BEGIN EXTRACTED RECORDS
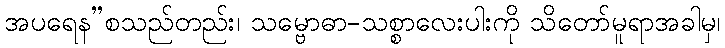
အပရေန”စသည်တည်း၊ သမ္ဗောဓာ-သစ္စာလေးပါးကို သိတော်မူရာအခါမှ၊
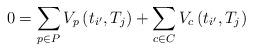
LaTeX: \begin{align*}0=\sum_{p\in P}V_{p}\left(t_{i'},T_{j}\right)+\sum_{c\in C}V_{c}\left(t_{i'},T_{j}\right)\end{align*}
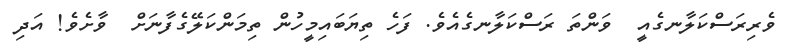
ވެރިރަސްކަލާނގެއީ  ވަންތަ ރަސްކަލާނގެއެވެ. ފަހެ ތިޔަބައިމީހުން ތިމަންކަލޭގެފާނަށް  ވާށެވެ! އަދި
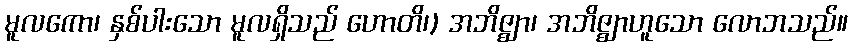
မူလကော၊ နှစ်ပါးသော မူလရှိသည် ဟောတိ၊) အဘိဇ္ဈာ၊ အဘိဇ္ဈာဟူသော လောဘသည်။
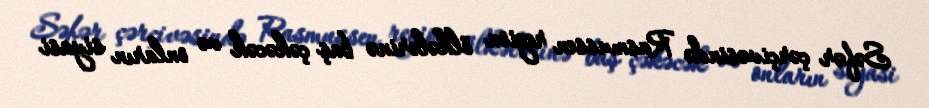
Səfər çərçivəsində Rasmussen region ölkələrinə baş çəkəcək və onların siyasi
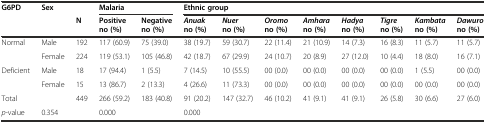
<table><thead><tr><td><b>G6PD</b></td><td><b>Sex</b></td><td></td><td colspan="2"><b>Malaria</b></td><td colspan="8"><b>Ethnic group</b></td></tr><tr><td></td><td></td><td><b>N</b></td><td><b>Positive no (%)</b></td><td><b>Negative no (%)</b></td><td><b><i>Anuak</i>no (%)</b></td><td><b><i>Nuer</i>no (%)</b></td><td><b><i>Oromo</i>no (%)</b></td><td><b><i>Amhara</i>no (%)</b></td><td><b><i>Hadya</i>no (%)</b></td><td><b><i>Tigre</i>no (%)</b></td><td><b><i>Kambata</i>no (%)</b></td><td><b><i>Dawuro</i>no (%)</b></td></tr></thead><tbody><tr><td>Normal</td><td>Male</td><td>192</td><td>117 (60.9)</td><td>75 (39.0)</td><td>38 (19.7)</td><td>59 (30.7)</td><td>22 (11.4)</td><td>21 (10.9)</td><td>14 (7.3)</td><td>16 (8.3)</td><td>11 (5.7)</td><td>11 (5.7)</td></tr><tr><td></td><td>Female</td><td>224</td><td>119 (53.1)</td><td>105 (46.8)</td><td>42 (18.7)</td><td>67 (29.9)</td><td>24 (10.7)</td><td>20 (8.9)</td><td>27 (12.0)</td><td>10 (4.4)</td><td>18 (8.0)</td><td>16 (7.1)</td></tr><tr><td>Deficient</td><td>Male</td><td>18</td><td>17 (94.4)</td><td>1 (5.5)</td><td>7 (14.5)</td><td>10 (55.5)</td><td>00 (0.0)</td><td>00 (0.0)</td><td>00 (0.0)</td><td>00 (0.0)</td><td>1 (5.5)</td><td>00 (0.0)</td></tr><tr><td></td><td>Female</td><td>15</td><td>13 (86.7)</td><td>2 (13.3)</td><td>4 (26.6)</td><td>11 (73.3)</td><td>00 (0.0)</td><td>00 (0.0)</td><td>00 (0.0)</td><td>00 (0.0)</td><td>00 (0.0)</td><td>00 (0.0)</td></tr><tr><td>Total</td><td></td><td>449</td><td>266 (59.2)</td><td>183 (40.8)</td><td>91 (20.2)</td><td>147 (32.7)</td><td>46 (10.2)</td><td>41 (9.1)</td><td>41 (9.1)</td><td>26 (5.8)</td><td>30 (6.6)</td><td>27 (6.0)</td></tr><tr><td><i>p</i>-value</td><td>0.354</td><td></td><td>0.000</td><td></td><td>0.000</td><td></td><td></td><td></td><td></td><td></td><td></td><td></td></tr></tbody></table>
END EXTRACTED RECORDS
> _DESCRIPTION OF THE TASK_
Look above for the line with "ވަންތަ ރަސްކަލާނގެއެވެ. ފަހެ" and the line with "Səfər çərçivəsində Rasmussen", then copy exactly the lines from the first through the second, both kept, with no pictures.

> _ANSWER TO THIS PROBLEM_
ވެރިރަސްކަލާނގެއީ  ވަންތަ ރަސްކަލާނގެއެވެ. ފަހެ ތިޔަބައިމީހުން ތިމަންކަލޭގެފާނަށް  ވާށެވެ! އަދި
မူလကော၊ နှစ်ပါးသော မူလရှိသည် ဟောတိ၊) အဘိဇ္ဈာ၊ အဘိဇ္ဈာဟူသော လောဘသည်။
Səfər çərçivəsində Rasmussen region ölkələrinə baş çəkəcək və onların siyasi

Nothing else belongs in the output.